• _YOUR INSTRUCTIONS_
Copy each line from the listing below where the word "dining" shows up.
━━━━
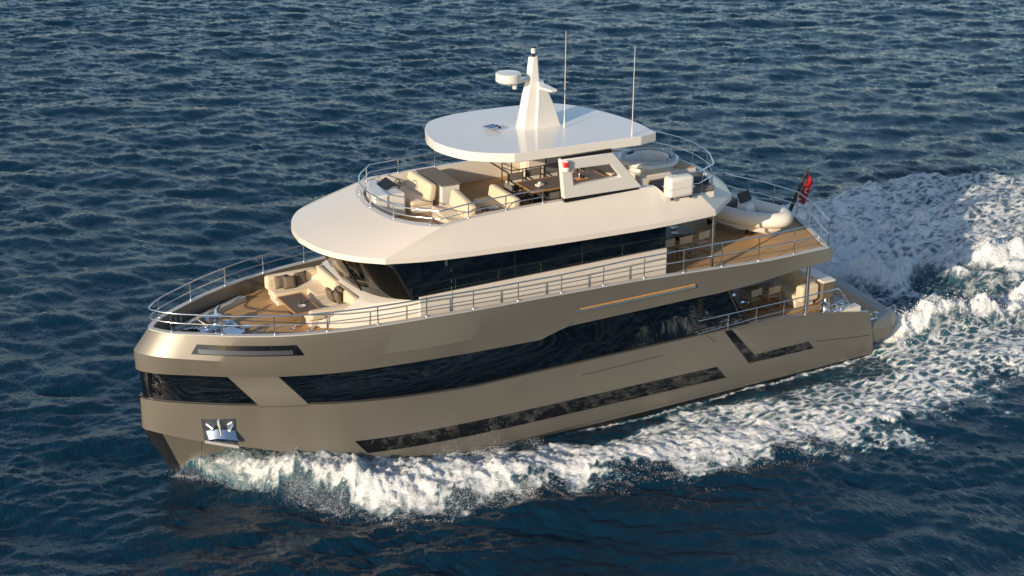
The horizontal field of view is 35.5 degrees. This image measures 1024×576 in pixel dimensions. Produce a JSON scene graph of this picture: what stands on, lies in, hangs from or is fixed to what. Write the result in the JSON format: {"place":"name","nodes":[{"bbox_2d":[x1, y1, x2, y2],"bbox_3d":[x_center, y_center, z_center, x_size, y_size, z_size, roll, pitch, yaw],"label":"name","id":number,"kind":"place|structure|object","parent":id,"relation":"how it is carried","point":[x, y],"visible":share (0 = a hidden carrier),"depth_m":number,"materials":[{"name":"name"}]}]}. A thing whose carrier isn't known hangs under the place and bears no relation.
{"place":"outdoors","nodes":[
{"label":"outdoors","id":0,"kind":"place"},
{"bbox_2d":[0,0,1023,575],"bbox_3d":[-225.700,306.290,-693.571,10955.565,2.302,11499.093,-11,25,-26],"label":"sea","id":1,"kind":"structure","parent":0,"point":[152,150],"depth_m":68.55,"materials":[{"name":"liquid"}]},
{"bbox_2d":[134,46,895,471],"bbox_3d":[0.916,-1.930,54.496,28.300,13.950,7.180,-11,25,-26],"label":"motor yacht","id":2,"kind":"object","parent":1,"relation":"on","point":[582,306],"visible":0.95,"depth_m":51.50,"materials":[{"name":"brown metal"}]},
{"bbox_2d":[277,292,319,323],"bbox_3d":[-6.745,0.726,50.739,0.850,0.540,1.630,-11,25,-26],"label":"foredeck table","id":3,"kind":"object","parent":2,"relation":"on","point":[290,302],"visible":0.9,"depth_m":50.61,"materials":[{"name":"brown wood"}]},
{"bbox_2d":[298,298,305,306],"bbox_3d":[-6.631,0.467,50.363,0.294,0.230,0.259,11,24,25],"label":"drink set","id":4,"kind":"object","parent":3,"relation":"on","point":[301,304],"visible":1,"depth_m":50.43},
{"bbox_2d":[264,265,358,327],"bbox_3d":[-6.423,0.311,51.306,2.037,0.883,3.230,-11,25,-26],"label":"foredeck sofa","id":5,"kind":"object","parent":2,"relation":"on","point":[315,293],"visible":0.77,"depth_m":51.72,"materials":[{"name":"beige fabric"}]},
{"bbox_2d":[274,274,286,288],"bbox_3d":[-7.506,-0.203,52.034,0.440,0.440,0.200,-11,13,-26],"label":"throw pillow","id":6,"kind":"object","parent":5,"relation":"on","point":[279,282],"visible":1,"depth_m":51.93,"materials":[{"name":"beige fabric"}]},
{"bbox_2d":[282,275,296,288],"bbox_3d":[-7.227,-0.186,52.008,0.440,0.440,0.200,-7,6,-17],"label":"throw pillow","id":7,"kind":"object","parent":5,"relation":"on","point":[289,282],"visible":1,"depth_m":51.93,"materials":[{"name":"beige fabric"}]},
{"bbox_2d":[294,270,306,284],"bbox_3d":[-6.912,-0.323,52.333,0.440,0.440,0.200,-14,14,-31],"label":"throw pillow","id":8,"kind":"object","parent":5,"relation":"on","point":[301,278],"visible":1,"depth_m":52.25,"materials":[{"name":"beige fabric"}]},
{"bbox_2d":[325,287,334,301],"bbox_3d":[-5.787,0.209,51.005,0.200,0.460,0.460,-28,31,-18],"label":"throw pillow","id":9,"kind":"object","parent":5,"relation":"on","point":[329,293],"visible":1,"depth_m":50.87,"materials":[{"name":"beige fabric"}]},
{"bbox_2d":[333,289,341,303],"bbox_3d":[-5.549,0.277,50.849,0.200,0.460,0.460,-20,27,-14],"label":"throw pillow","id":10,"kind":"object","parent":5,"relation":"on","point":[337,297],"visible":0.98,"depth_m":50.70,"materials":[{"name":"beige fabric"}]},
{"bbox_2d":[335,285,343,300],"bbox_3d":[-5.478,0.174,50.988,0.200,0.460,0.460,-18,28,-23],"label":"throw pillow","id":11,"kind":"object","parent":5,"relation":"on","point":[339,289],"visible":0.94,"depth_m":50.82,"materials":[{"name":"beige fabric"}]},
{"bbox_2d":[395,171,436,213],"bbox_3d":[-3.258,-3.184,52.956,0.938,0.924,1.750,-11,25,-26],"label":"helm bench","id":12,"kind":"object","parent":2,"relation":"on","point":[419,190],"visible":0.77,"depth_m":52.49,"materials":[{"name":"beige fabric"}]},
{"bbox_2d":[416,167,460,205],"bbox_3d":[-2.462,-3.316,53.369,0.720,0.860,1.960,-11,25,-26],"label":"storage cabinet","id":13,"kind":"object","parent":2,"relation":"on","point":[445,183],"visible":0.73,"depth_m":52.71,"materials":[{"name":"grey plastic"}]},
{"bbox_2d":[432,189,476,224],"bbox_3d":[-1.845,-2.444,51.125,0.938,0.924,1.850,-8,23,-19],"label":"lounge sofa","id":14,"kind":"object","parent":2,"relation":"on","point":[458,197],"visible":0.49,"depth_m":51.09,"materials":[{"name":"beige fabric"}]},
{"bbox_2d":[481,204,503,212],"bbox_3d":[-0.609,-2.369,51.585,0.600,0.440,0.560,-11,25,-26],"label":"magazine table","id":15,"kind":"object","parent":2,"relation":"on","point":[488,210],"visible":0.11,"depth_m":51.47,"materials":[{"name":"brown wood"}]},
{"bbox_2d":[488,205,498,209],"bbox_3d":[-0.606,-2.597,51.507,0.359,0.043,0.275,-11,25,-26],"label":"magazine","id":16,"kind":"object","parent":15,"relation":"on","point":[495,207],"visible":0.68,"depth_m":51.42,"materials":[{"name":"grey paper"}]},
{"bbox_2d":[473,184,519,212],"bbox_3d":[-0.495,-2.719,51.940,0.880,0.825,1.750,-11,25,-26],"label":"long bench","id":17,"kind":"object","parent":2,"relation":"on","point":[495,190],"visible":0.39,"depth_m":52.00,"materials":[{"name":"beige fabric"}]},
{"bbox_2d":[504,182,526,204],"bbox_3d":[0.112,-3.027,52.600,0.540,0.900,0.620,-11,25,-26],"label":"director chair","id":18,"kind":"object","parent":2,"relation":"on","point":[508,188],"visible":0.46,"depth_m":52.41,"materials":[{"name":"grey fabric"}]},
{"bbox_2d":[507,171,530,200],"bbox_3d":[0.237,-3.372,53.454,0.620,0.900,0.540,-11,25,-26],"label":"director chair","id":19,"kind":"object","parent":2,"relation":"on","point":[511,177],"visible":0.44,"depth_m":53.50,"materials":[{"name":"grey fabric"}]},
{"bbox_2d":[519,159,544,176],"bbox_3d":[0.705,-4.282,56.000,0.700,0.680,0.700,-11,25,-26],"label":"bar unit","id":20,"kind":"object","parent":2,"relation":"on","point":[531,163],"visible":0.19,"depth_m":55.70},
{"bbox_2d":[525,166,547,197],"bbox_3d":[0.834,-3.549,53.892,0.620,0.900,0.540,-11,25,-26],"label":"director chair","id":21,"kind":"object","parent":2,"relation":"on","point":[532,172],"visible":0.35,"depth_m":53.96,"materials":[{"name":"grey fabric"}]},
{"bbox_2d":[541,191,561,201],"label":"director chair","id":22,"kind":"object","parent":2,"relation":"on","point":[556,195],"visible":0.3,"depth_m":51.71,"materials":[{"name":"grey fabric"}]},
{"bbox_2d":[543,163,560,192],"bbox_3d":[1.460,-3.706,54.281,0.620,0.900,0.540,-11,25,-26],"label":"director chair","id":23,"kind":"object","parent":2,"relation":"on","point":[547,169],"visible":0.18,"depth_m":54.34,"materials":[{"name":"grey fabric"}]},
{"bbox_2d":[516,169,606,203],"bbox_3d":[1.697,-3.232,53.323,2.990,0.740,1.190,-11,25,-26],"label":"dining table","id":24,"kind":"object","parent":2,"relation":"on","point":[551,182],"visible":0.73,"depth_m":53.09,"materials":[{"name":"brown wood"}]},
{"bbox_2d":[535,181,543,186],"bbox_3d":[0.910,-3.426,52.661,0.200,0.120,0.260,20,29,40],"label":"napkin box","id":25,"kind":"object","parent":24,"relation":"on","point":[539,184],"visible":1,"depth_m":52.62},
{"bbox_2d":[575,173,588,179],"bbox_3d":[2.316,-3.739,53.358,0.400,0.180,0.280,-11,25,-26],"label":"condiment tray","id":26,"kind":"object","parent":24,"relation":"on","point":[581,177],"visible":1,"depth_m":53.32,"materials":[{"name":"orange wood"}]},
{"bbox_2d":[596,146,695,185],"bbox_3d":[4.654,-4.410,55.891,2.410,1.000,2.960,-11,25,-26],"label":"hot tub","id":27,"kind":"object","parent":2,"relation":"on","point":[644,165],"visible":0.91,"depth_m":55.17,"materials":[{"name":"plastic"}]},
{"bbox_2d":[665,238,674,261],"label":"director chair","id":28,"kind":"object","parent":2,"relation":"on","point":[670,243],"visible":0.39,"depth_m":55.50,"materials":[{"name":"beige fabric"}]},
{"bbox_2d":[662,173,694,200],"bbox_3d":[5.511,-3.361,52.927,0.970,0.780,0.490,-10,24,-23],"label":"life raft","id":29,"kind":"object","parent":2,"relation":"on","point":[680,185],"visible":1,"depth_m":52.71,"materials":[{"name":"plastic"}]},
{"bbox_2d":[648,173,713,196],"bbox_3d":[5.777,-3.387,54.133,1.947,0.420,1.516,-10,24,-22],"label":"sun pad","id":30,"kind":"object","parent":2,"relation":"on","point":[708,188],"visible":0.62,"depth_m":53.73,"materials":[{"name":"fabric"}]},
{"bbox_2d":[693,176,708,183],"bbox_3d":[6.344,-3.666,54.089,0.660,0.120,0.660,-11,25,-26],"label":"bolster","id":31,"kind":"object","parent":30,"relation":"on","point":[697,179],"visible":0.7,"depth_m":53.94,"materials":[{"name":"black fabric"}]},
{"bbox_2d":[666,224,695,249],"bbox_3d":[5.529,-1.646,56.637,1.700,0.740,1.000,-11,25,-26],"label":"aft dining table","id":32,"kind":"object","parent":2,"relation":"on","point":[682,230],"visible":0.48,"depth_m":56.61,"materials":[{"name":"brown wood"}]},
{"bbox_2d":[670,234,692,260],"bbox_3d":[5.931,-1.483,56.018,0.620,0.900,0.540,-12,25,-28],"label":"director chair","id":33,"kind":"object","parent":2,"relation":"on","point":[684,241],"visible":0.84,"depth_m":55.80,"materials":[{"name":"beige fabric"}]},
{"bbox_2d":[687,229,710,255],"bbox_3d":[6.586,-1.659,56.453,0.620,0.900,0.540,-17,27,-35],"label":"director chair","id":34,"kind":"object","parent":2,"relation":"on","point":[700,239],"visible":0.88,"depth_m":56.27,"materials":[{"name":"beige fabric"}]},
{"bbox_2d":[695,291,748,334],"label":"aft side window","id":35,"kind":"structure","parent":2,"relation":"in","point":[718,304],"depth_m":55.13,"materials":[{"name":"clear glass"}]},
{"bbox_2d":[707,190,792,235],"bbox_3d":[8.357,-2.871,58.614,4.412,1.412,1.914,20,29,40],"label":"inflatable tender","id":36,"kind":"object","parent":2,"relation":"on","point":[746,212],"visible":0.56,"depth_m":57.84,"materials":[{"name":"white rubber"}]},
{"bbox_2d":[740,287,762,313],"bbox_3d":[8.759,0.370,58.607,0.620,0.900,0.540,-17,27,-35],"label":"director chair","id":37,"kind":"object","parent":2,"relation":"on","point":[753,296],"visible":0.98,"depth_m":58.47,"materials":[{"name":"beige fabric"}]},
{"bbox_2d":[731,278,773,304],"bbox_3d":[8.807,-0.013,59.769,1.650,0.740,1.400,-11,25,-26],"label":"cockpit table","id":38,"kind":"object","parent":2,"relation":"on","point":[771,280],"visible":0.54,"depth_m":59.24,"materials":[{"name":"brown wood"}]},
{"bbox_2d":[758,284,780,310],"bbox_3d":[9.466,0.269,58.857,0.620,0.900,0.540,-14,26,-31],"label":"director chair","id":39,"kind":"object","parent":2,"relation":"on","point":[771,292],"visible":0.99,"depth_m":58.69,"materials":[{"name":"beige fabric"}]},
{"bbox_2d":[756,270,818,307],"bbox_3d":[10.049,-0.323,60.217,1.000,0.980,3.750,-11,25,-26],"label":"cockpit sofa","id":40,"kind":"object","parent":2,"relation":"on","point":[793,284],"visible":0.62,"depth_m":59.27,"materials":[{"name":"beige fabric"}]},
{"bbox_2d":[800,174,812,204],"bbox_3d":[11.002,-3.674,59.758,0.526,1.199,0.144,-4,22,-11],"label":"ensign","id":41,"kind":"object","parent":2,"relation":"attached to","point":[805,190],"visible":0.97,"depth_m":59.73,"materials":[{"name":"red fabric"}]},
{"bbox_2d":[799,267,835,305],"bbox_3d":[10.601,-0.541,60.729,0.580,1.000,4.460,-11,25,-26],"label":"stern locker","id":42,"kind":"object","parent":2,"relation":"on","point":[824,282],"visible":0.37,"depth_m":58.97,"materials":[{"name":"white plastic"}]},
{"bbox_2d":[163,200,1023,528],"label":"spray","id":43,"kind":"object","parent":1,"relation":"on","point":[583,454],"visible":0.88,"depth_m":50.44,"materials":[{"name":"white liquid"}]}
]}
━━━━
• _TASK RESULT_
{"bbox_2d":[516,169,606,203],"bbox_3d":[1.697,-3.232,53.323,2.990,0.740,1.190,-11,25,-26],"label":"dining table","id":24,"kind":"object","parent":2,"relation":"on","point":[551,182],"visible":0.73,"depth_m":53.09,"materials":[{"name":"brown wood"}]},
{"bbox_2d":[666,224,695,249],"bbox_3d":[5.529,-1.646,56.637,1.700,0.740,1.000,-11,25,-26],"label":"aft dining table","id":32,"kind":"object","parent":2,"relation":"on","point":[682,230],"visible":0.48,"depth_m":56.61,"materials":[{"name":"brown wood"}]},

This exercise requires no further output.